[MATERIAL FOR THIS EXERCISE — start]
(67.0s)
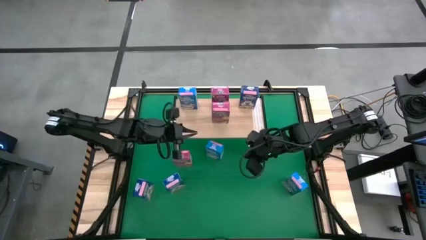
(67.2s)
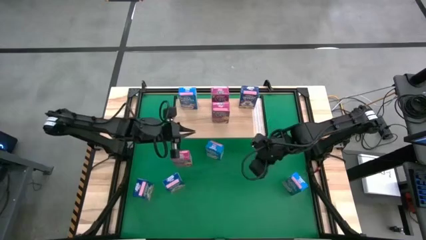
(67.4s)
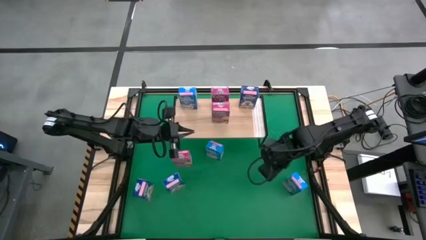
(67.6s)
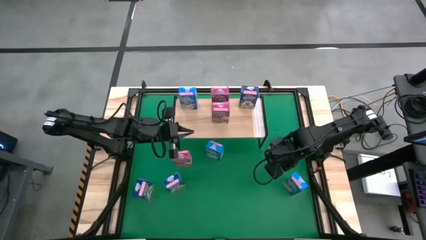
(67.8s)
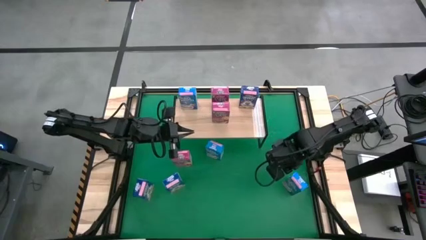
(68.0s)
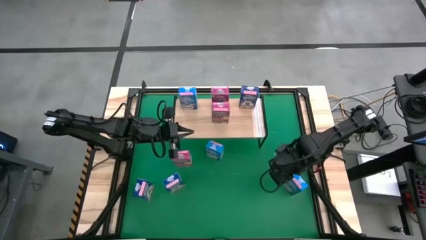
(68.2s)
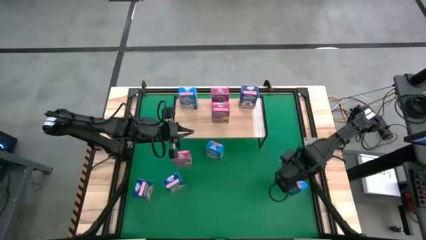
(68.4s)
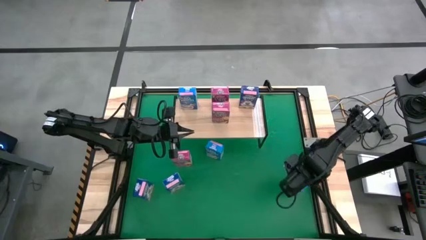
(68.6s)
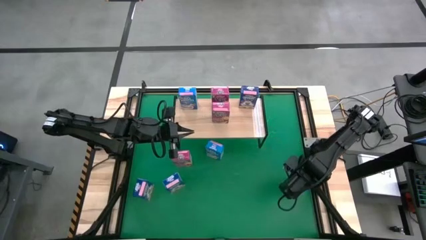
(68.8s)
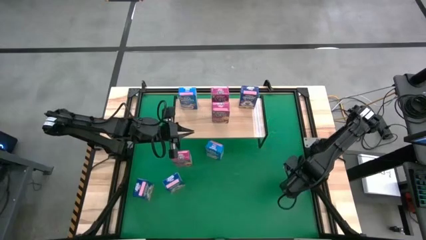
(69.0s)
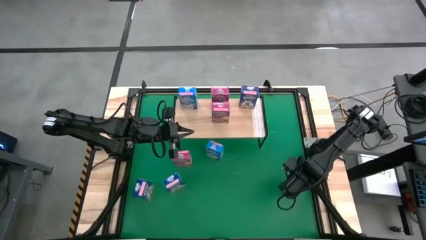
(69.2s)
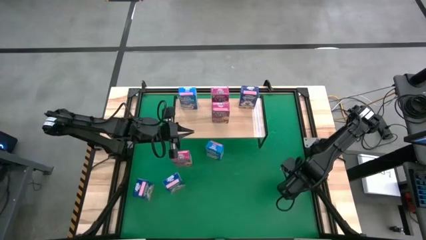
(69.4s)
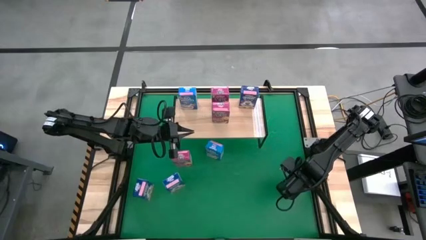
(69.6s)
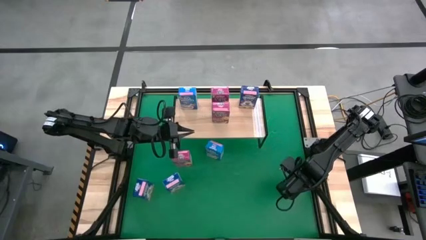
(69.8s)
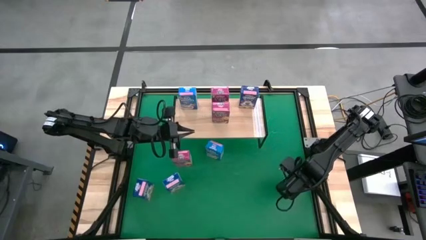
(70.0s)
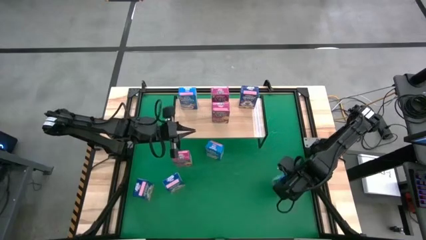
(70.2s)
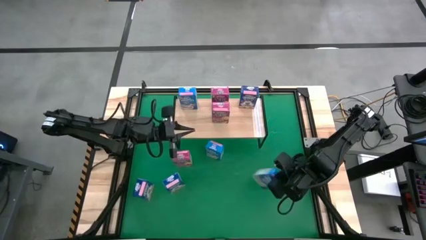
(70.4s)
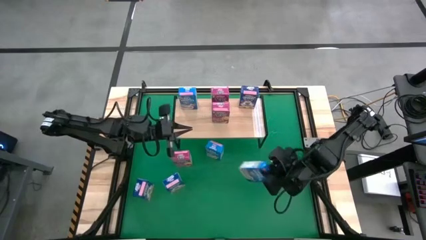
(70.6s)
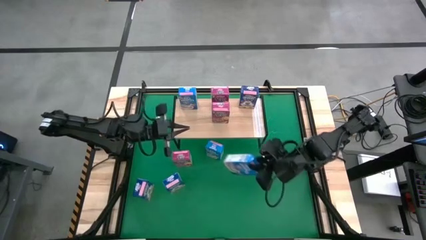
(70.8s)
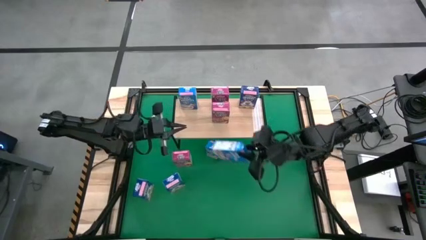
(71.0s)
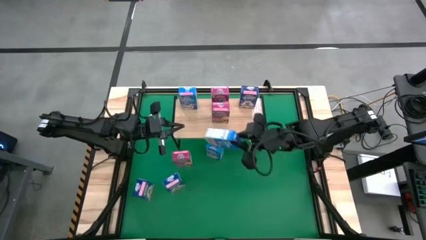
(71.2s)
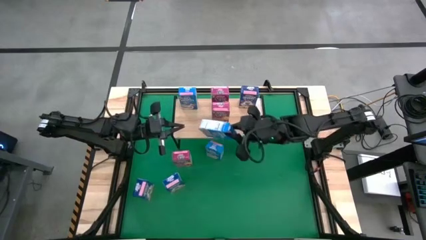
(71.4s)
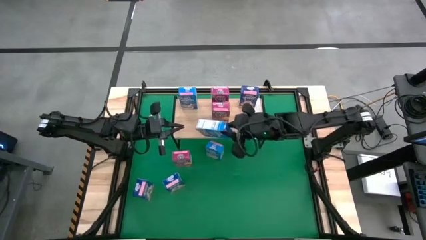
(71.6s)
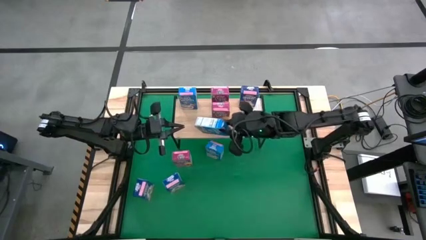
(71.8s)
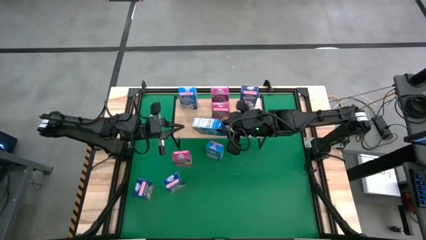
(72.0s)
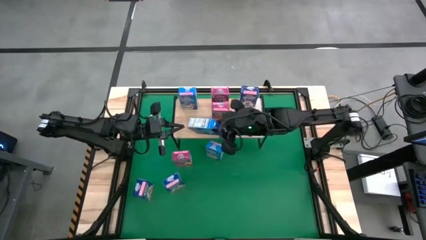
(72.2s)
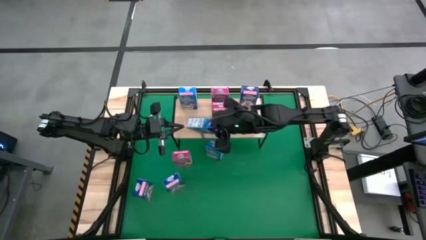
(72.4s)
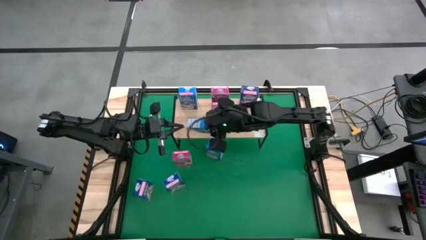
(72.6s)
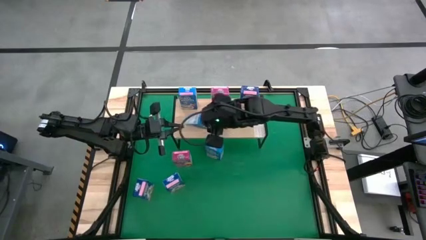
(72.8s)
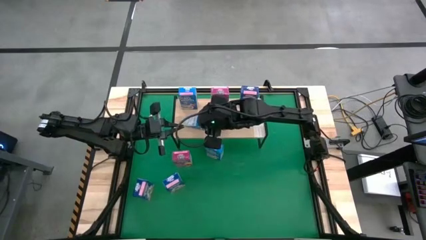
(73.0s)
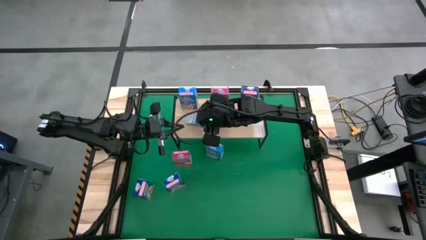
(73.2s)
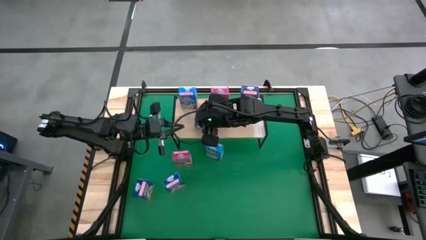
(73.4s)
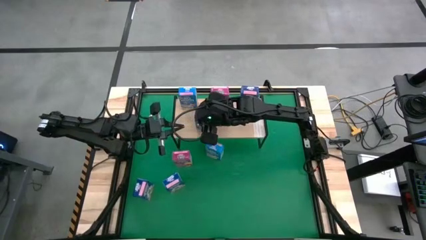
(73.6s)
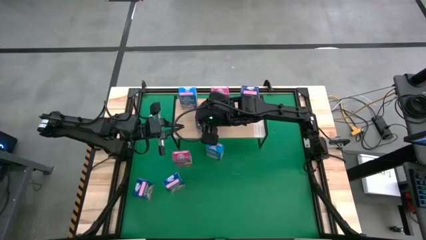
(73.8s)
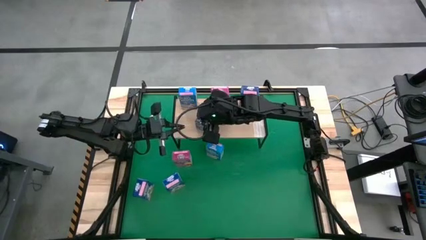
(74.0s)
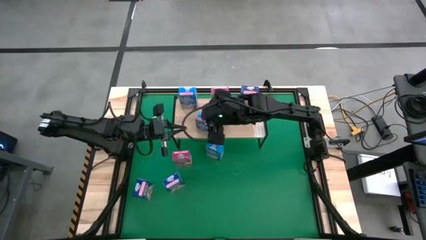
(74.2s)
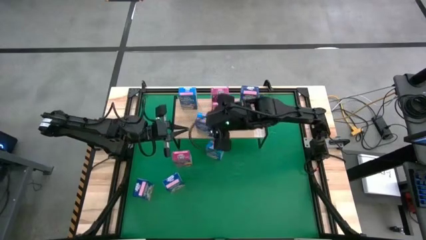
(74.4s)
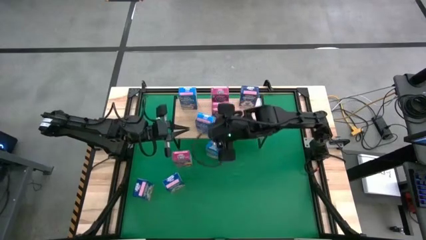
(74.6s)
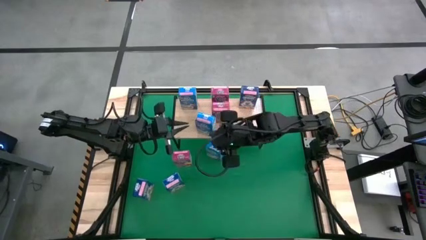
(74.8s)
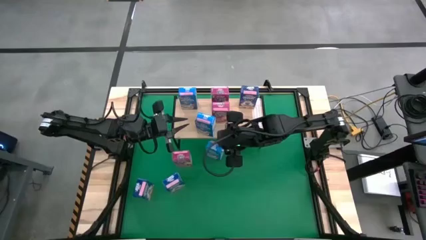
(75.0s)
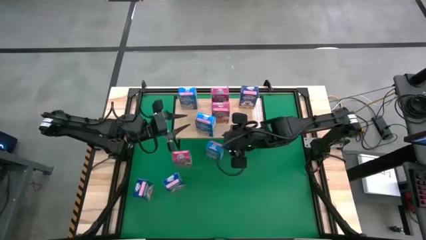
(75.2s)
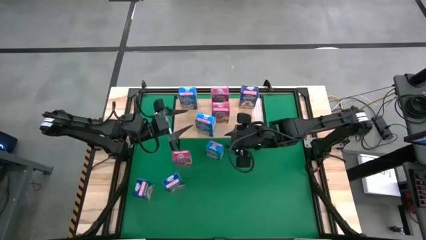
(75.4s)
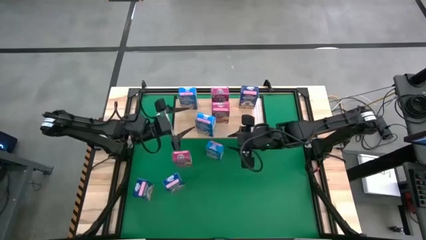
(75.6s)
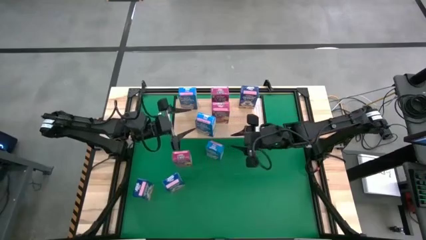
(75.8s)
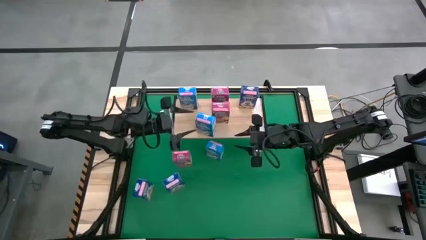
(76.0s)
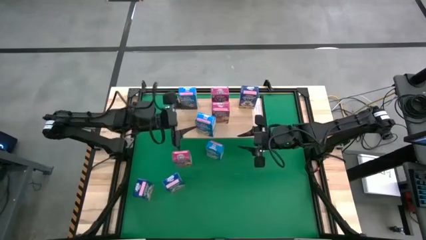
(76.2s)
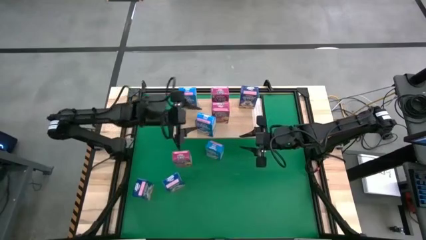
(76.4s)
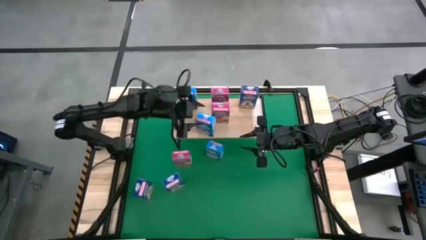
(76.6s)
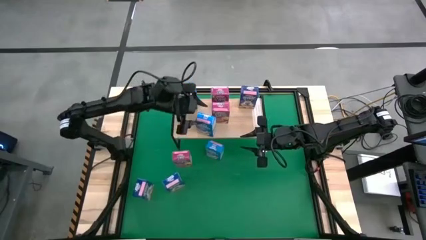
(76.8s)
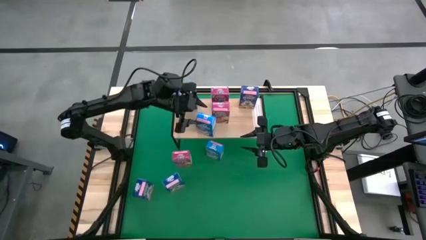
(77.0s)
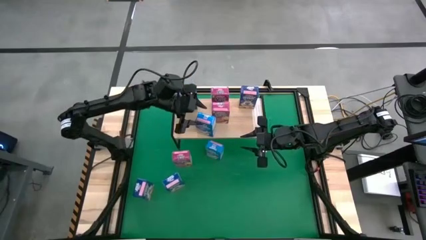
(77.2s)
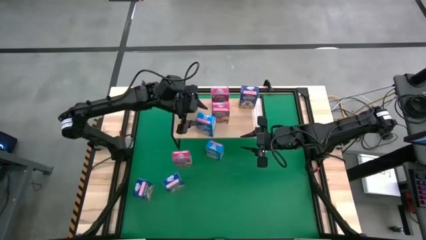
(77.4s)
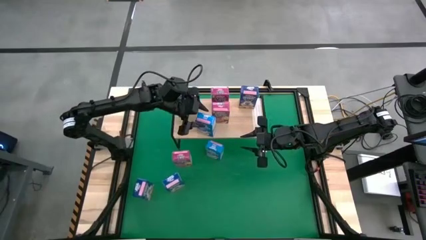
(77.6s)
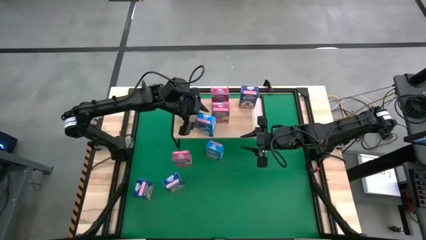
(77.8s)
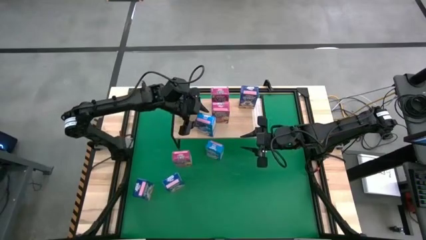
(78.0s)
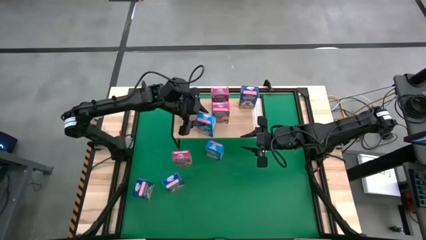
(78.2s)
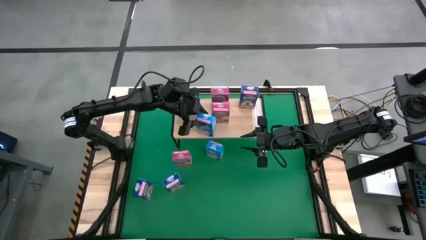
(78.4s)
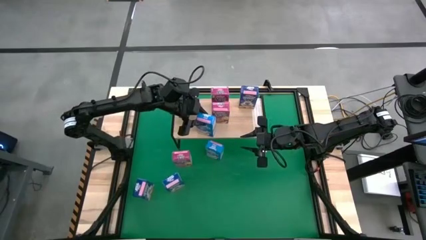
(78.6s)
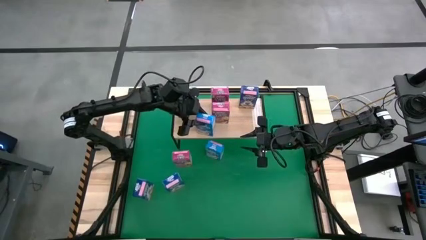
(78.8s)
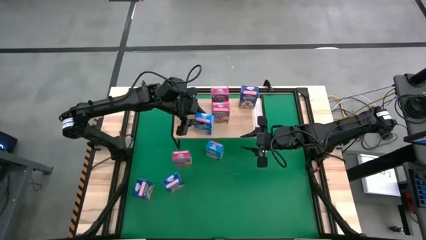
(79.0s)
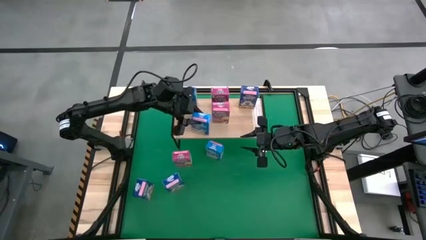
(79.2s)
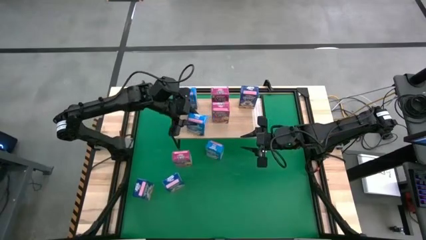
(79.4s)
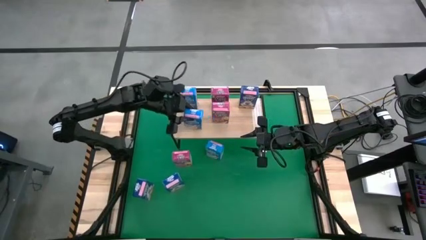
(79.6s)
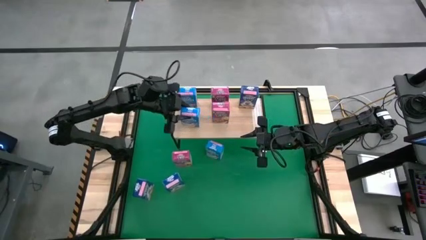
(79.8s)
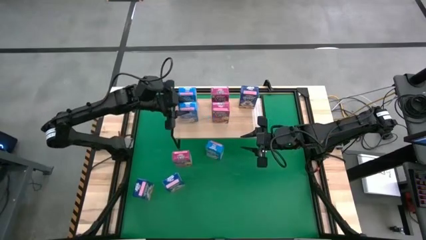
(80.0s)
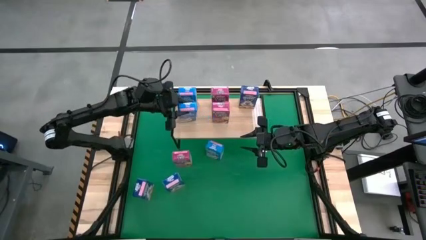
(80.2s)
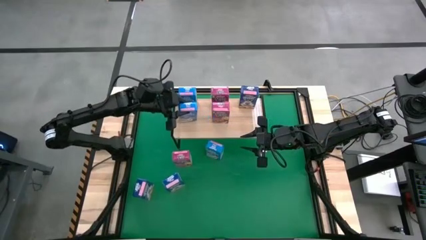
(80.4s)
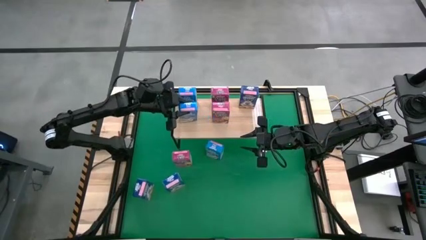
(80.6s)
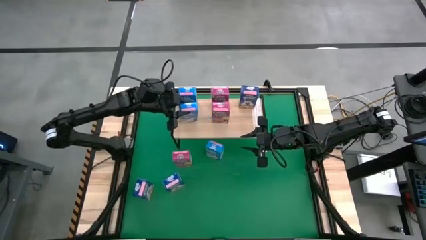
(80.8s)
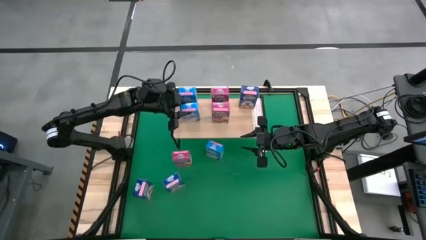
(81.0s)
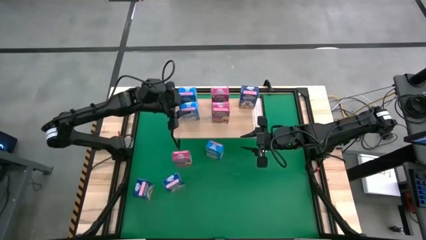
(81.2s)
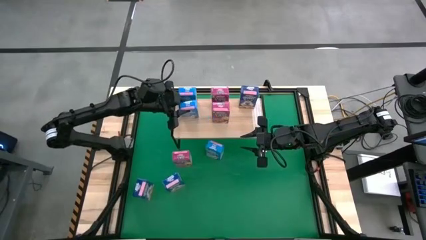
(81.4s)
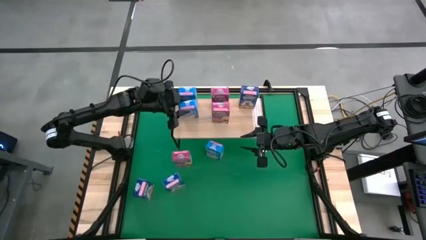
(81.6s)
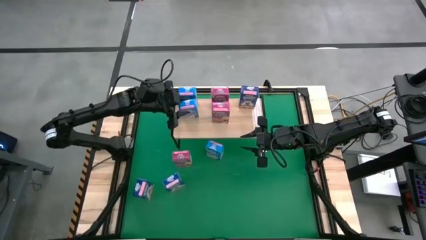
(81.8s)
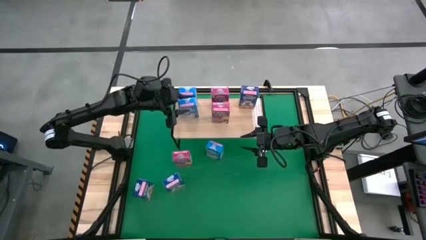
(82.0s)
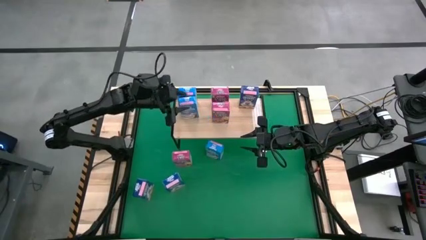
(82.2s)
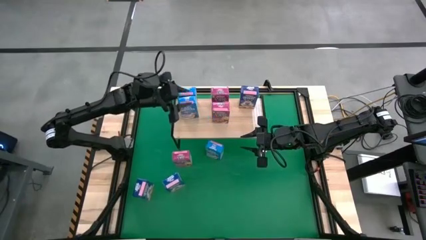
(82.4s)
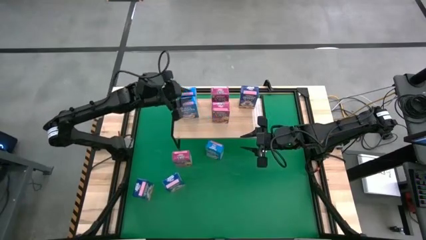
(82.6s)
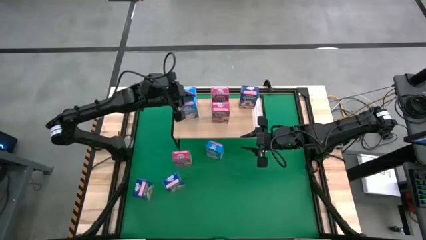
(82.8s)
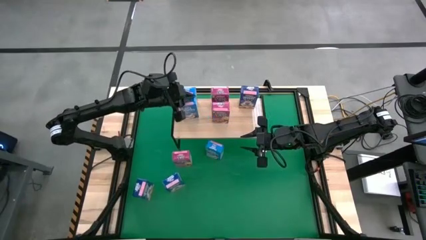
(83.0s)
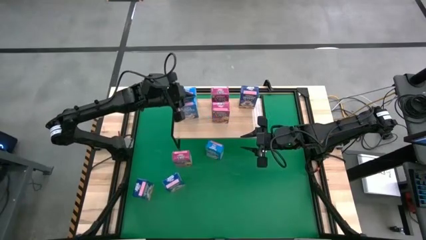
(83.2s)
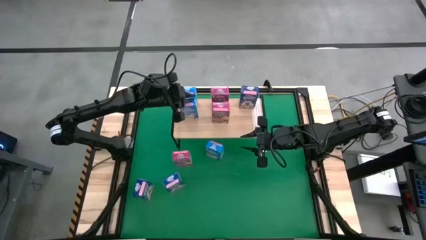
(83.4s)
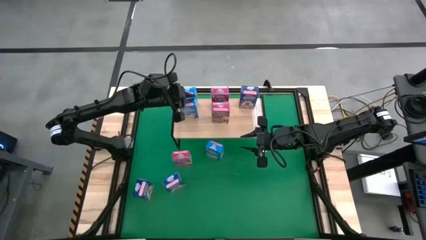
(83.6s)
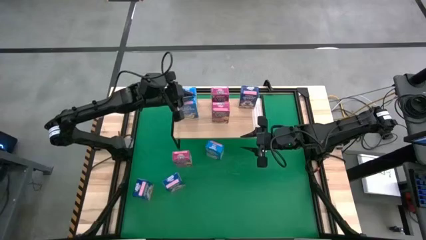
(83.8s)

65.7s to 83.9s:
[MATERIAL FOR THIS EXERCISE — finish]
> DIRECTIONS FOR THIS TASK: Each entry is to be written out again word for word, and any pictures are to be omitted.

> WRITTEN RESPONSE:
(67.0s)
(67.2s)
(67.4s)
(67.6s)
(67.8s)
(68.0s)
(68.2s)
(68.4s)
(68.6s)
(68.8s)
(69.0s)
(69.2s)
(69.4s)
(69.6s)
(69.8s)
(70.0s)
(70.2s)
(70.4s)
(70.6s)
(70.8s)
(71.0s)
(71.2s)
(71.4s)
(71.6s)
(71.8s)
(72.0s)
(72.2s)
(72.4s)
(72.6s)
(72.8s)
(73.0s)
(73.2s)
(73.4s)
(73.6s)
(73.8s)
(74.0s)
(74.2s)
(74.4s)
(74.6s)
(74.8s)
(75.0s)
(75.2s)
(75.4s)
(75.6s)
(75.8s)
(76.0s)
(76.2s)
(76.4s)
(76.6s)
(76.8s)
(77.0s)
(77.2s)
(77.4s)
(77.6s)
(77.8s)
(78.0s)
(78.2s)
(78.4s)
(78.6s)
(78.8s)
(79.0s)
(79.2s)
(79.4s)
(79.6s)
(79.8s)
(80.0s)
(80.2s)
(80.4s)
(80.6s)
(80.8s)
(81.0s)
(81.2s)
(81.4s)
(81.6s)
(81.8s)
(82.0s)
(82.2s)
(82.4s)
(82.6s)
(82.8s)
(83.0s)
(83.2s)
(83.4s)
(83.6s)
(83.8s)

65.7s to 83.9s:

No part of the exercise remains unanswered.